Big Sky Print and Ship donated posters, the Hungry Moose Market & Deli donated snacks and water, Mountain and Canyon Cab Co. donated a shuttle service and Santosha Wellness Center hosted protesters for sign-making.
At the park before the march, children peered over people’s shoulders as they made final touches on their signs. Big Sky local Chris Bracht sat crisscross on the ground, intently drawing a uterus with a sharpie on a piece of cardboard.
“As a veteran, I fought for your rights,” said Bracht, who served in the army. “I gave up six years of my life for all of these women, for all of you, to have the right to choose what’s done with your body. I stand in solidarity with all the women in my life … I feel like it’s probably the most patriotic thing I could do on a day where I don’t feel like America deserves a birthday.”
Another Big Sky resident, Ryleigh Copeland, sat beside Bracht with a pink sign that read “Bans off our bodies.”
“[Protesting] lets people know that we have a voice and we’re angry and we’re hurt, and we want to be heard,” she said.
After having lived most of their lives with the protection of the Roe v. Wade decision, other protesters said they never could’ve envisioned they would be protesting its reversal in 2022.
“I can’t believe my daughters and granddaughters have less rights than I did,” said Cyndee Button.
Standing next to Button, Vicki Davies nodded with a stern expression on her face. “[The Supreme Court has] taken away the freedoms and liberties that we’ve had for 50-plus years,” she said. “It’s Fourth of July. I don’t feel very patriotic right now about my country because as a woman, I feel attacked in my power, and they’re trying to control me and my choices.”
After grabbing snacks and water at the park, protesters hit the pavement and followed Walder in protest chants for roughly 1.5 miles.
As the march snaked down the bike path along Lone Mountain Trail, cars laid on their horns as they drove by, some drivers sticking thumbs up out the window and others a thumbs down. According to protester Abigail Kull, it was an emotional experience.
“This is a really amazing turnout for our little community,” she said as horns blared in the background. “This is important. We’re here. Opinions need to be shared.

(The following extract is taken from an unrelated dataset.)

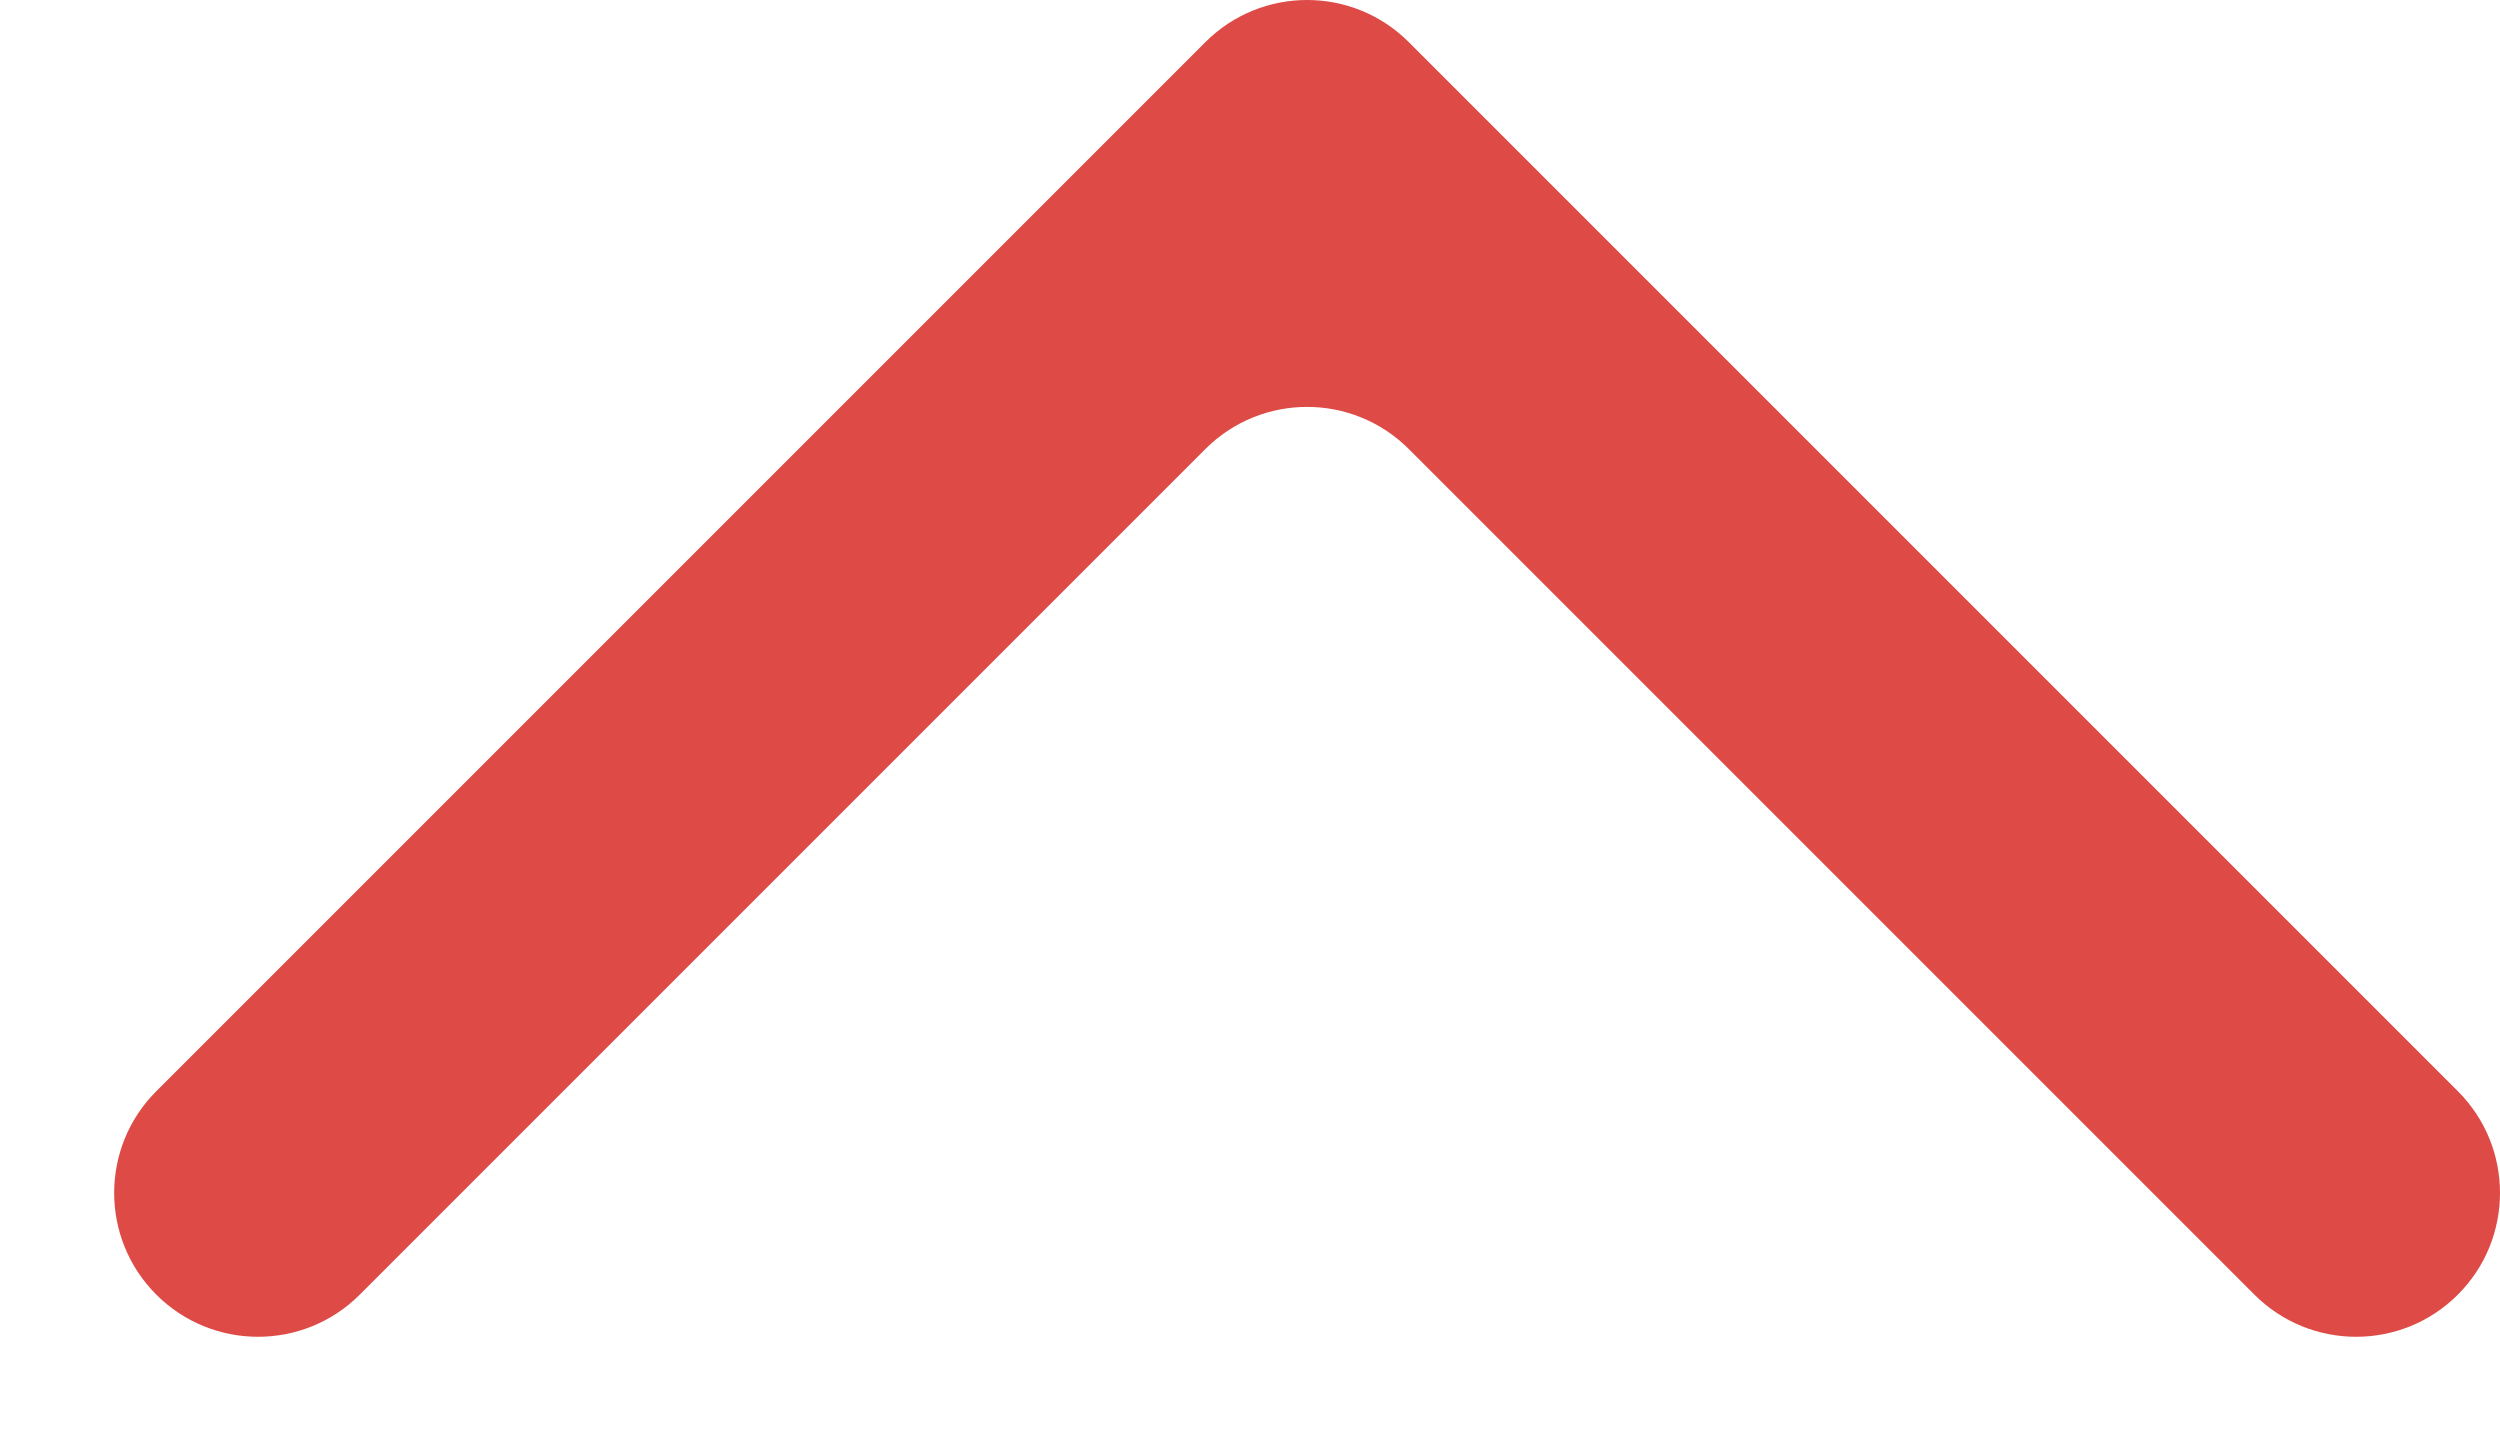 <svg width="21" height="12" viewBox="0 0 21 12" fill="none" xmlns="http://www.w3.org/2000/svg">
<path fill-rule="evenodd" clip-rule="evenodd" d="M20.646 9.166C21.118 9.638 21.118 10.403 20.646 10.875C20.174 11.347 19.409 11.347 18.937 10.875L11.834 3.772C11.362 3.3 10.597 3.3 10.125 3.772L3.022 10.875C2.55 11.347 1.785 11.347 1.313 10.875C0.841 10.403 0.841 9.638 1.313 9.166L10.125 0.354C10.597 -0.118 11.362 -0.118 11.834 0.354L20.646 9.166Z" fill="#DE4A45"/>
</svg>

We have emotions that need to be shared and we’re angry.”
At Len Hill Park, the march disbanded as protesters huddled around the stage to hear Bills speak.
“What we’re seeing here today is active participation in democracy,” said Bills, a fourth-generation Montanan who’s lived in Big Sky on and off for 20 years.
In addition to being a lawyer, Bills is also an epidemiologist and has spent much of her career working on improving access to healthcare in rural Montana, especially for women and children.
On stage, Bills explained how the Supreme Court’s recent decision puts regulatory power related to abortion in the hands of the states. Bills said she expects to see many bills attempting to restrict access to abortion in the next Montana legislative session and encouraged protesters to consider their opportunities to engage with the issue outside of the march including voting and testifying at bill hearings.
“In Big Sky, Montana, you have just as much of a voice as a member in Helena,” Bills said in an interview. “And the visitors that leave here that go back to their home state, they have a voice in those places too, whether you are pro-choice or pro-life, both sides have a voice, and they need to use them through the political process.”
The day after the march, Bills recalled the women jumping out of their car at the road crossing to join the protest, a moment she said brought tears to her eyes.
“To me,” she said, “that just shows that there’s a lot of people in our community, both residents and visitors, that need a platform to share what they believe in—to exercise their right.”